Developing Cache Memory that goes into the 32bit pipeline processor The current cache has 32 KByte two-way set associative with four-word blcok. The Cache follows the write back policy.
Introduction: Our original pipelined MIPS processor design from MIPS pipeline processor makes many assumptions that result in an inaccurate, unrealistic model of an actual processor. One of the major inaccuracies in our previous model is that access to the data memory unit from the processor takes 0 cycles. In reality, reading and writing from main memory requires the most time to complete than any other operation performed by the processing unit. In order to combat this significant delay imposed by memory accesses, memory hierarchies have been added to processor designs to reduce the amount of times the processor must directly access main memory.

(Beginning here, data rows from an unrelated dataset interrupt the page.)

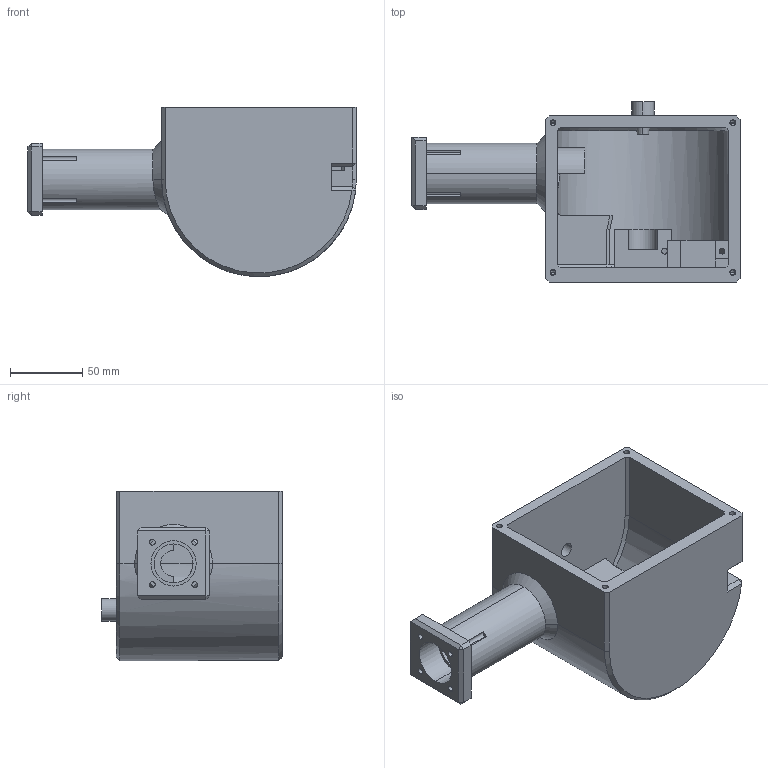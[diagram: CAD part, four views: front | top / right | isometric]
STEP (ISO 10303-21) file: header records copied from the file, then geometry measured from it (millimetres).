
FILE_DESCRIPTION (( 'STEP AP214' ), '1' );
FILE_NAME ('Stator Main Body.STEP', '2026-01-05T01:07:18', ( '' ), ( '' ), 'SwSTEP 2.0', 'SolidWorks 2025', '' );
FILE_SCHEMA (( 'AUTOMOTIVE_DESIGN' ));
Length unit declared in the file: millimetre
Products named in the file (1): Stator Main Body
Bounding box: 227.81 x 125.25 x 117.5 mm (x, y, z)
Volume: 596059.7 mm3; surface area: 156994.9 mm2
Topology: 1 solids, 1 shells, 162 faces, 428 edges, 266 vertices
Faces by surface type: plane 93, cylinder 46, cone 22, bspline 1
Entity records: 5636 total; most frequent: CARTESIAN_POINT 1543, DIRECTION 855, ORIENTED_EDGE 840, EDGE_CURVE 420, AXIS2_PLACEMENT_3D 290, LINE 275, VECTOR 275, VERTEX_POINT 266

Currently in our design of MIPS we have 2 levels of memory, the register file and a data memory with a 0 cycle access time. In order to represent a more realistic processor we will add a 20 cycle delay to all read and write operations to the data memory unit as well as an L1 cache that acts as an intermediary between the processor and the main data memory. If the requested data is present in the cache then the memory operation will take 1 cycle, otherwise … The idea is to exploit the temporal and spatial locality of memory accesses that occur frequently in most programs. By previously accessed data in the cache, we can eliminate the need to access main memory directly the next time that data is requested by the processor. The addition of this memory hierarchy into our pipeline breaks the balance between the clock cycles required for each stage of the pipeline. The memory stage will require many more cycles than the other stages if the memory request from the processor “misses” in the L1 cache. In other words, new data hazards have to accounted for because there are cases where instructions containing operands whose data is dependent upon a previous, incomplete access to memory.
Design Methodology:
-
Modified Data Memory Unit (with 20 cycle access time): In our original implementation of data memory, we did not find a need to include the memread_m signal as an input to the memory unit. Since there were no delays associated with memory accesses, other than those caused by data dependencies, our old model simply connected the readdata_m output of the data memory unit to the data word requested by the processor at any given time. This is a truly ideal memory model that assumes that reading from memory takes 0 cycles and the data is ready instantaneously. Now that both reading and writing from memory incurs a 20 cycle delay in the execution of our pipelined MIPS processor, it is necessary to distinguish the instructions that utilize and access the data memory unit from those that do not. The MIPS instruction set is designed in a very specific way, such that load/store instructions are the only ones that interact with memory. This makes our life much easier in our attempts to design a functional, pipelined processor that is free of all hazards while maintaining efficiency through instruction-level parallelism.
-
Cache Unit for Data Memory: Our data memory cache design has the following properties: 32 KB total data capacity: 8,192 words 2-way set associativity: Two available cache entries per index Allows the cache to store up to 2 blocks with the same index mappings. When this number exceeds 2, the least-recently-used (LRU) block is replaced, and written back to main memory if it contains more up-to-date data. 4-word block size: Each data block in the cache consists of four 32-bit words (128 bits). The cache accesses the main memory 4 words, 32 bits each, at a time. This allows for the exploitation of the spatial locality of memory requests seen frequently in a myriad of different programs. 2,048 total lines in the entire cache, 1024 in each set. Each line is composed of the following: USED (1-bit): Replacement scheme decision VALID (1-bit): Data block verification DIRTY (1-bit): Updated in cache but not main memory condition for writeback on a “cache miss” TAG (20-bit): Address subsection; condition for “cache hit” INDEX (10-bit): Position within cache memory BLOCK_OFFSET (2-bit): Word selection within data blocks. Write-back policy: Updating of main memory behavior. Initially writing is only done to the memory instance within the cache, only when the same block is being replaced in the cache is it written back to the main memory. This writing scheme minimizes the frequency of accesses to main memory, which improves the clocks per instruction (CPI) of the processor due to the significant delays incurred from memory operations. Can also result in the loss of data if the processor were to crash at any given time.